Here is a debug printout to outline what the first operation in the code below is doing:

c = links.join(ranks).flatMap(computeContribs) print(c.toDebugString().decode("utf8"))
(1) PythonRDD[17] at RDD at PythonRDD.scala:43 [] | MapPartitionsRDD[16] at mapPartitions at PythonRDD.scala:374 [] | ShuffledRDD[15] at partitionBy at NativeMethodAccessorImpl.java:-2 [] +-(2) PairwiseRDD[14] at _run_module_as_main at /projects/anaconda3/lib/python3.5/runpy.py:170 [] | PythonRDD[13] at _run_module_as_main at /projects/anaconda3/lib/python3.5/runpy.py:170 [] | UnionRDD[12] at union at NativeMethodAccessorImpl.java:-2 [] | PythonRDD[10] at RDD at PythonRDD.scala:43 [] | ParallelCollectionRDD[1] at parallelize at PythonRDD.scala:423 [] | CachedPartitions: 1; MemorySize: 221.0 B; ExternalBlockStoreSize: 0.0 B; DiskSize: 0.0 B | PythonRDD[11] at RDD at PythonRDD.scala:43 [] | ParallelCollectionRDD[0] at parallelize at PythonRDD.scala:423 []

Executing the PageRank Algorithm

This takes a while to execute.
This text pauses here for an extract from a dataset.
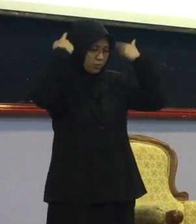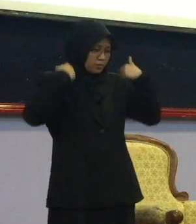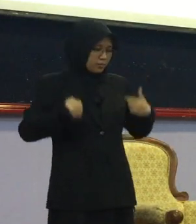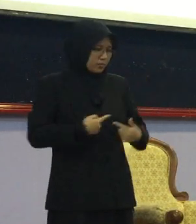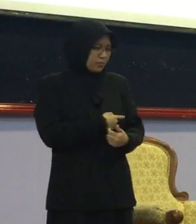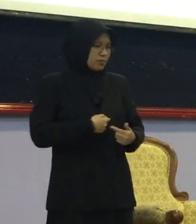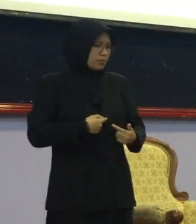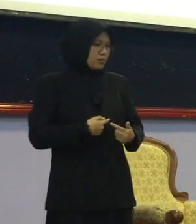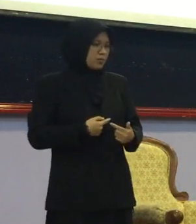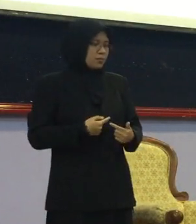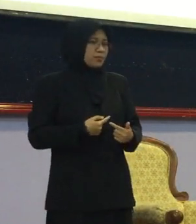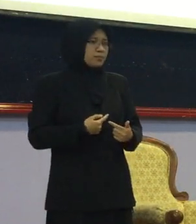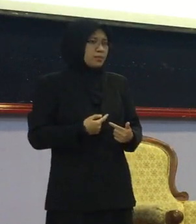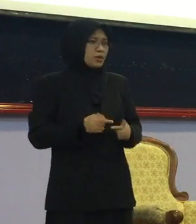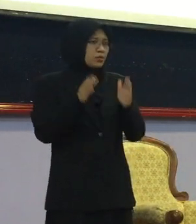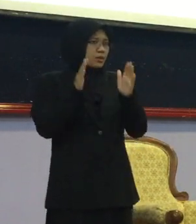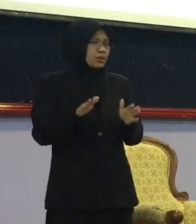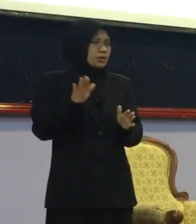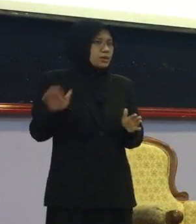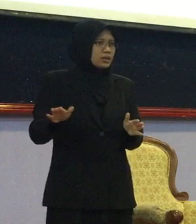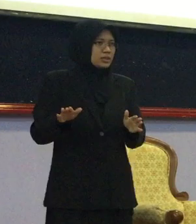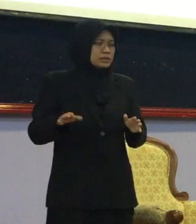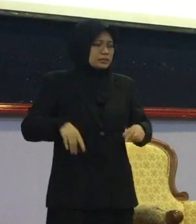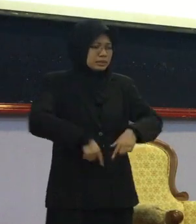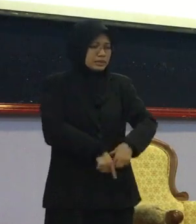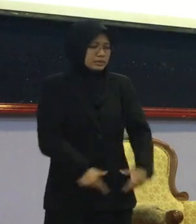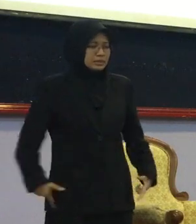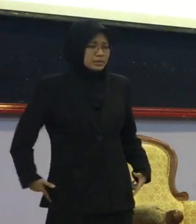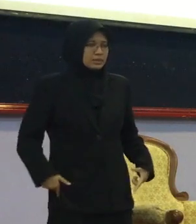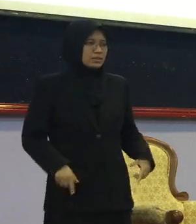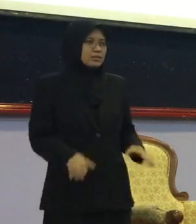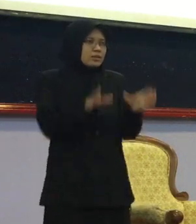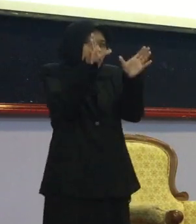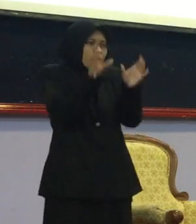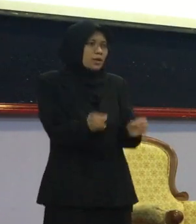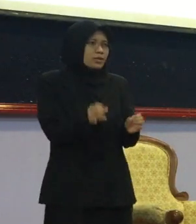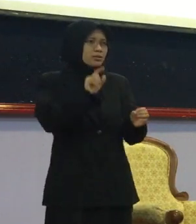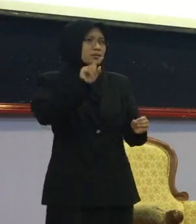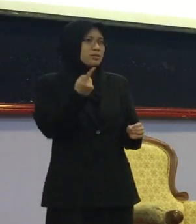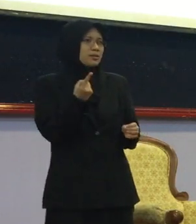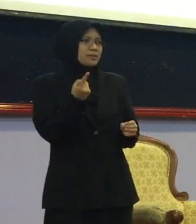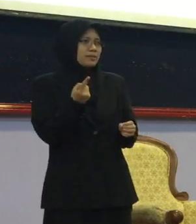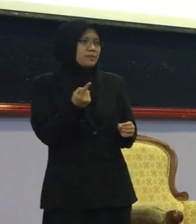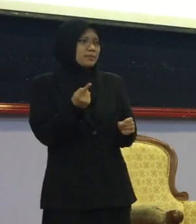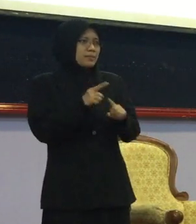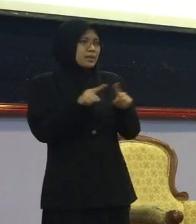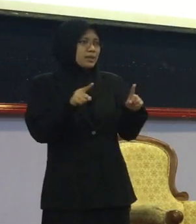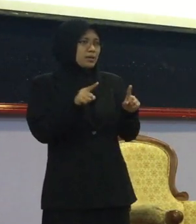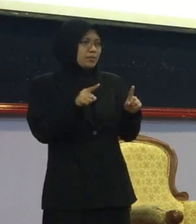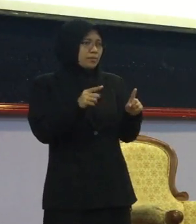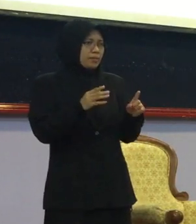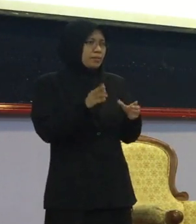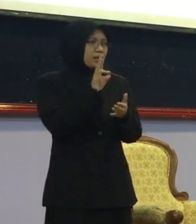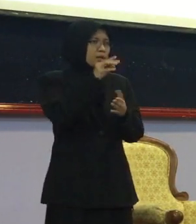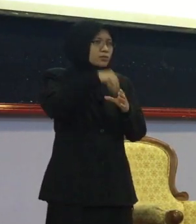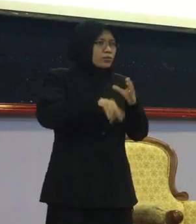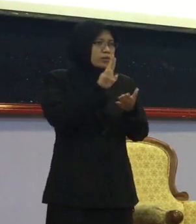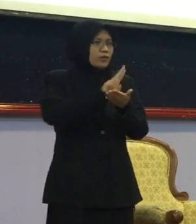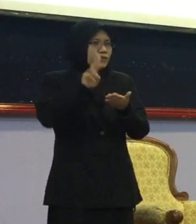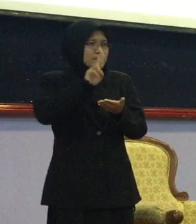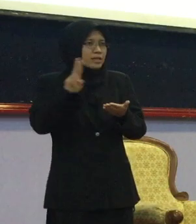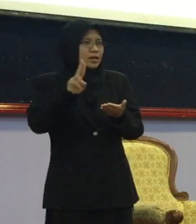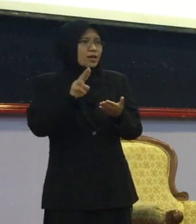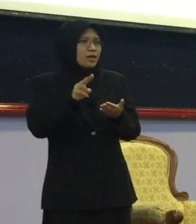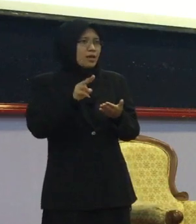berikan saya Selawak ke kecil Kami ni Dia belinya sekali je Tak sekali suar Sekali masuk Masuk universiti Nak pakai je kan Pakai tu

Do

tail -f ~/.smc/jupyter/jupyter-notebook.*

in a Terminal to see what's going on behind the scenes!

from operator import add for iteration in range(10): # compute contributions of each node where it links to contribs = links.join(ranks).flatMap(computeContribs) # use a full outer join to make sure, that not well connected nodes aren't dropped contribs = links.fullOuterJoin(contribs).mapValues(lambda x : x[1] or 0.0) # Sum up all contributions per link ranks = contribs.reduceByKey(add) # Re-calculate URL ranks ranks = ranks.mapValues(lambda rank: rank * 0.85 + 0.15) # Collects all URL ranks for (link, rank) in sorted(ranks.collect()): print("%s has rank: %s." % (link, rank / len(link_data)))
0 has rank: 0.18868310146544207. 1 has rank: 0.209039646026545. 2 has rank: 0.11721980982628066. 3 has rank: 0.028463192013959495. 4 has rank: 0.037044621083774015. 5 has rank: 0.016041666666666666. 6 has rank: 0.10125661781232116. 7 has rank: 0.09357898007794324. 8 has rank: 0.012499999999999999. 9 has rank: 0.03200485868062616. 10 has rank: 0.05761473312981078. 11 has rank: 0.10655277321663052.

Comparison with NetworkX

import networkx as nx g = nx.DiGraph(link_data) nx.pagerank(g)
{0: 0.18892560439419176, 1: 0.20889512487491022, 2: 0.11720230098777328, 3: 0.028421454329497692, 4: 0.03702665223140903, 5: 0.01604166666666667, 6: 0.10128084665827558, 7: 0.09365504547040693, 8: 0.0125, 9: 0.03196312099616436, 10: 0.05771090525336493, 11: 0.10637727813733949}

Task

Now go back to the directed graph in the beginning and make up your mind if those numbers make sense or not. Why is the weight of node 1 higher than the weight of node 2?